Developer-first, open-source flow tracker that matches the speed and developer experience of proprietary tools like Linear, with a narrow, opinionated focus on the Engineering-Product-Design (EPD) flow.
- What is Stride?
- Key Features
- Quick Start
- Configuration
- Usage
- Development
- Contributing
- Architecture
- Technology Stack
- Support
- License
Stride is a developer-first, open-source issue tracking and workflow management tool designed specifically for Engineering-Product-Design (EPD) teams. Built with modern web technologies and a focus on speed, Stride provides a keyboard-driven, opinionated workflow that matches the developer experience of proprietary tools while remaining fully self-hosted and open source.
Unlike enterprise-focused solutions that try to be everything to everyone, Stride takes a narrow, opinionated approach. It focuses exclusively on the EPD flow—the critical path from product requirements through engineering implementation to design validation. This focus allows Stride to be faster, simpler, and more intuitive than bloated alternatives.
Stride combines the best aspects of modern issue trackers: the speed of Linear, the configurability of Jira, and the simplicity of GitHub Issues. With features like configuration as code, AI-powered triage, monitoring webhook integration, and rich contextual information (Mermaid diagrams, link previews), Stride gives teams the tools they need without the complexity they don't.

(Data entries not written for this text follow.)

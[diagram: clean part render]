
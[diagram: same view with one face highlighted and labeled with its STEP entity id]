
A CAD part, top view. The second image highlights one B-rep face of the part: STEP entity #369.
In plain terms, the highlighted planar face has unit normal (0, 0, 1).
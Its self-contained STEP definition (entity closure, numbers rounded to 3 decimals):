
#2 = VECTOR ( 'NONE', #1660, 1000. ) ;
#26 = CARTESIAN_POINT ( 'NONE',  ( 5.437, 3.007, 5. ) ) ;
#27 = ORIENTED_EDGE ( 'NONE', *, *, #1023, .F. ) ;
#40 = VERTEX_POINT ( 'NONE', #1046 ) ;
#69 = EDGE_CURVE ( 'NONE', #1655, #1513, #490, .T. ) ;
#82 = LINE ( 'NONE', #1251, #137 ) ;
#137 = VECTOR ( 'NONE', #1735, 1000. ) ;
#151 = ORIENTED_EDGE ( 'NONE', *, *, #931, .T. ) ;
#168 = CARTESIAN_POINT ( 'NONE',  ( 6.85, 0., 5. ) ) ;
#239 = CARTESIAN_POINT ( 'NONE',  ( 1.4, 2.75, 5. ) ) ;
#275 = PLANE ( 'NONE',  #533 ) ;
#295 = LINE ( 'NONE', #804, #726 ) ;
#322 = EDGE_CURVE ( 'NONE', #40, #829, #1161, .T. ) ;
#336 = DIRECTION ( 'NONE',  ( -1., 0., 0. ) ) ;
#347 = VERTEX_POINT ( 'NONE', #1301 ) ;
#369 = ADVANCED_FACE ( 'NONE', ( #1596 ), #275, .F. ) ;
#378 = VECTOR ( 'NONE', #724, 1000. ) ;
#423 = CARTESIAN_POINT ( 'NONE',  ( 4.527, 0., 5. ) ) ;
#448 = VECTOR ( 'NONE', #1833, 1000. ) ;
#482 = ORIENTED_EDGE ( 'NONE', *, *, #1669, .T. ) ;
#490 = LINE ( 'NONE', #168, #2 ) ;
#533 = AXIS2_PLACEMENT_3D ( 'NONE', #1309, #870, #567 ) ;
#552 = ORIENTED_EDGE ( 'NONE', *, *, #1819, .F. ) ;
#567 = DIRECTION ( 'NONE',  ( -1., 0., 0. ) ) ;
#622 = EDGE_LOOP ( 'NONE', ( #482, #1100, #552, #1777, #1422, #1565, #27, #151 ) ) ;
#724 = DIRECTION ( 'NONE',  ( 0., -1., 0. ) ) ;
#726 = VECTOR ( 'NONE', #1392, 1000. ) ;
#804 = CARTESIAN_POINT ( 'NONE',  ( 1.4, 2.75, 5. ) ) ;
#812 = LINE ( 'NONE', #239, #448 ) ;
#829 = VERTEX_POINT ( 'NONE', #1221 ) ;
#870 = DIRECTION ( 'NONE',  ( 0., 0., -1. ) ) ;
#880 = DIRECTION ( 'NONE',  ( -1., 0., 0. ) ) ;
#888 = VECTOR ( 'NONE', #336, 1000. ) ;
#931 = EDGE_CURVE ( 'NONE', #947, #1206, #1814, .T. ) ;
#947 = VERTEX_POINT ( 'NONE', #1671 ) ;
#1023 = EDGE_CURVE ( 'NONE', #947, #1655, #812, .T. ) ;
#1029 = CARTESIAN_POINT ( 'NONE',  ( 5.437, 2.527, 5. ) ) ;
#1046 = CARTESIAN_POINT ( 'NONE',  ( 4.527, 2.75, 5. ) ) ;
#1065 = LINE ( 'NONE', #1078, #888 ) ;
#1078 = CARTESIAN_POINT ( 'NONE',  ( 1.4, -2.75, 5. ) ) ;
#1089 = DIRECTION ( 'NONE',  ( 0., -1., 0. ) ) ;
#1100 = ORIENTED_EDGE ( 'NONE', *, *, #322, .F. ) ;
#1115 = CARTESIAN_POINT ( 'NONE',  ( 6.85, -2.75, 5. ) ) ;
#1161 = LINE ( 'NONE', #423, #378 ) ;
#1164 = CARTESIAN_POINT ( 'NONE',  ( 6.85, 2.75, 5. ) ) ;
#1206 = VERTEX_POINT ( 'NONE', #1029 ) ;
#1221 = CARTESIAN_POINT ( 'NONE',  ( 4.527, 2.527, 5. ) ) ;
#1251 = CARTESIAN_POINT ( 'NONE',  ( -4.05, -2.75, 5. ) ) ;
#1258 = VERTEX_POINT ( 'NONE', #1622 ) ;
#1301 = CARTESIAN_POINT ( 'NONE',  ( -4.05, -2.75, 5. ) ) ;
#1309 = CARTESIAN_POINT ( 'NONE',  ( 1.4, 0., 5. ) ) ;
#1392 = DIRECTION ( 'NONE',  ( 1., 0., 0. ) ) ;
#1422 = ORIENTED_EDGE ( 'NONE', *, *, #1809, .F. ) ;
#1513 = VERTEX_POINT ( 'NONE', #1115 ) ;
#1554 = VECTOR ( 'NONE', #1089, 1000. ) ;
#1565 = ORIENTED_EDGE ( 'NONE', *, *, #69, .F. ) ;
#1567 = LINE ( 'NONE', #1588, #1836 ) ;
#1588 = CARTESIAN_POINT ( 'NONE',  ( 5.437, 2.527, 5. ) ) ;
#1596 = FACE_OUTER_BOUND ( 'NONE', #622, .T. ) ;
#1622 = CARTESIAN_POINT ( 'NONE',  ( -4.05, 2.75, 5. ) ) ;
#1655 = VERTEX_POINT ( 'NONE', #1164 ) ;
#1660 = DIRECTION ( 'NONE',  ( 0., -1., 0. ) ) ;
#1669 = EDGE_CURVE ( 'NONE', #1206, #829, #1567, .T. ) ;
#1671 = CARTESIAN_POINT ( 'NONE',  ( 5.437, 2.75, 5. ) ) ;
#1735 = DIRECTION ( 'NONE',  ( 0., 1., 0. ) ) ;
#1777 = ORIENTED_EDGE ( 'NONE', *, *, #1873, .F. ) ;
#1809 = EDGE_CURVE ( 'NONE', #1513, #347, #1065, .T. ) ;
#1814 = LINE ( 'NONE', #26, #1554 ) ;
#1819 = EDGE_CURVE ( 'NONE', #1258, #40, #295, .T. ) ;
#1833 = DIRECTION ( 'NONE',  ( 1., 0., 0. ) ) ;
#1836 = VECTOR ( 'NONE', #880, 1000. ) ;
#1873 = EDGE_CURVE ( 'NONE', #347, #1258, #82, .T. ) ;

- Developer-First: Built by developers, for developers. Every feature prioritizes developer productivity and workflow efficiency.
- Self-Hosted: Your data, your control. Deploy on your infrastructure with full control over sensitive information.
- Fast & Modern: Keyboard-driven command palette, instant navigation, and blazing-fast performance that matches proprietary tools.
- Opinionated: Focused on EPD flow, not enterprise bloat. No unnecessary features that slow down core workflows.
- Open Source: AGPL-3.0 licensed, community-driven development with full source code access and modification rights.
- 📋 Issue Management with Kanban Board: Visual board interface for tracking issues through customizable workflows with drag-and-drop status transitions
- ⚙️ Configuration as Code: Version-controlled workflow definitions via
stride.config.yamlfiles stored in your repository - 🔗 Git Integration: Automatic synchronization with GitHub and GitLab via webhooks for branch/PR status updates and issue linking
- 🎯 Sprint/Cycle Management: Create time-bounded work periods, assign issues to sprints, and track progress with burndown charts
- 🤖 AI-Powered Triage: Optional AI assistance for issue analysis, prioritization, and recommendations with support for multiple providers (Ollama, OpenAI, Anthropic, Google Gemini)
- 📊 Monitoring Webhooks: Automatic issue creation from error events via integrations with Sentry, Datadog, and New Relic
- 🔍 Root Cause Diagnostics Dashboard: View error traces, diagnostic information, and related issues in a unified dashboard
- ⌨️ Keyboard-Driven Command Palette: Fast navigation and actions via keyboard shortcuts and command palette (Cmd/Ctrl+K)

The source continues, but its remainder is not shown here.